9.             Definitions.  For the purposes of this Agreement, the following terms shall have the following meanings:

                                “Act” means the Securities Act of 1933, as amended.

 

                                “Cause” means Executive’s willful misconduct or gross negligence in the performance of his duties under this Agreement, his willful violation of the provisions of this Agreement which results in material injury to the Company, or his commission of any willful act which is materially inimical to the Company’s business or interests.  No act or failure to act on Executive’s part shall be considered “willful” unless done, or omitted to be done, by him not in good faith and without reasonable belief that his action or omission was in the best interests of the Company.  Executive shall not be deemed to have been terminated for Cause unless and until there shall have been delivered to him a notice of termination together with a copy of a resolution, duly adopted by the Board of Directors at a meeting called and held for that purpose (after reasonable notice to Executive of the meeting and the particulars of the grounds for termination and an opportunity for him, together with his counsel, to be heard before the Board of Directors), finding that, in the good faith opinion of the Board of Directors, Executive was guilty of conduct constituting Cause for termination and specifying the particulars thereof in detail.  Executive’s attendance or non-attendance at any such meeting of the Board of Directors shall in no way prejudice Executive’s rights hereunder or to submit such decision to judicial review.

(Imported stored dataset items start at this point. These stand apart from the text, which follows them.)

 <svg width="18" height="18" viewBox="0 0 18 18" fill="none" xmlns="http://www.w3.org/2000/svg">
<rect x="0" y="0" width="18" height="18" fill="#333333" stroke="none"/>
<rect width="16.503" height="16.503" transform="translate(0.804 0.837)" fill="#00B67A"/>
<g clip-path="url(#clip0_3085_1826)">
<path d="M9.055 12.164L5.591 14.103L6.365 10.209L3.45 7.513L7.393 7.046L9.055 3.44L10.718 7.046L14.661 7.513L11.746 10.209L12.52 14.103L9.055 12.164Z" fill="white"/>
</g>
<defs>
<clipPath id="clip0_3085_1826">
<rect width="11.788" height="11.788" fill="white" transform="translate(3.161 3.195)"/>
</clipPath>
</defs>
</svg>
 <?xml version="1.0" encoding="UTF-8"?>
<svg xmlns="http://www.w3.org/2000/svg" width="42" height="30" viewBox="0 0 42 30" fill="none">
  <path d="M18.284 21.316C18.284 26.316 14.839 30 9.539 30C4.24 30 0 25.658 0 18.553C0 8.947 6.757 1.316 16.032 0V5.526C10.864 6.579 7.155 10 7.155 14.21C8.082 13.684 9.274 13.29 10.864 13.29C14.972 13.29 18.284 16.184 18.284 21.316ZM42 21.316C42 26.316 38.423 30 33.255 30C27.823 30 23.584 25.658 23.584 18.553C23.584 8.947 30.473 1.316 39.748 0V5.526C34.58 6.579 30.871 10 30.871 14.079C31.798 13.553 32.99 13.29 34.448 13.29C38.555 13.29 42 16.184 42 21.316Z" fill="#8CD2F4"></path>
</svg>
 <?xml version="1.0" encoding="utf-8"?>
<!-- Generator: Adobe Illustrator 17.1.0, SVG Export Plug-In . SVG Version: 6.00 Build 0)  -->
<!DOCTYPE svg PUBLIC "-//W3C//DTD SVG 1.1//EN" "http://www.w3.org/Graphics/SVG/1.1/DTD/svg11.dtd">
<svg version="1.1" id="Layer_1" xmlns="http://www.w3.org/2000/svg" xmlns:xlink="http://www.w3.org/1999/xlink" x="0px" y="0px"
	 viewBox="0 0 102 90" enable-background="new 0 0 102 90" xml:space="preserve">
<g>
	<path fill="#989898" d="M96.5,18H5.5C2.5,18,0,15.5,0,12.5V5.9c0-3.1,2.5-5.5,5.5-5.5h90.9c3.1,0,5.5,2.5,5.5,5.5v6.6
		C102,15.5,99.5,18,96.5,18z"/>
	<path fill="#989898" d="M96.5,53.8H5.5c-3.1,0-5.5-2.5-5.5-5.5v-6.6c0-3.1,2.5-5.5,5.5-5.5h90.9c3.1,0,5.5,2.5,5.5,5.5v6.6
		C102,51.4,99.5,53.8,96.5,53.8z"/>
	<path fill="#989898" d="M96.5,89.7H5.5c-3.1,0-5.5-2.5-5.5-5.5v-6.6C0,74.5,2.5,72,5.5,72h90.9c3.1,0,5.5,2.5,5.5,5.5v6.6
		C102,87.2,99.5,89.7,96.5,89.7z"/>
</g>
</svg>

                                “Claims” means any threatened, asserted, pending or completed action (including shareholder actions), suit or proceeding, whether civil, criminal, administrative or investigative, or any inquiry or investigation (including discovery), whether conducted by the Company or any other Person, that might lead or is threatened to lead to the institution of any such action, suit or proceeding.

                                “Change of Control” means the closing of a sale of all or substantially all of assets or issued and outstanding capital stock of the Company in one or more related transactions, or a merger or consolidation involving the Company in which stockholders of the Company immediately before such merger or consolidation do not own immediately after such merger or consolidation capital stock or other equity interests of the surviving corporation or entity representing more than fifty percent in voting power of capital stock or other equity interest of such surviving corporation or entity outstanding immediately after such merger or consolidation.  The foregoing to the contrary notwithstanding, a Change of Control shall not be deemed to have occurred with respect to Sections 4.2 and 4.3 of this Agreement if, based on the value of the cash, securities or property to be received, the aggregate valuation of the Company immediately prior to the transaction in question is less than $175,000,000.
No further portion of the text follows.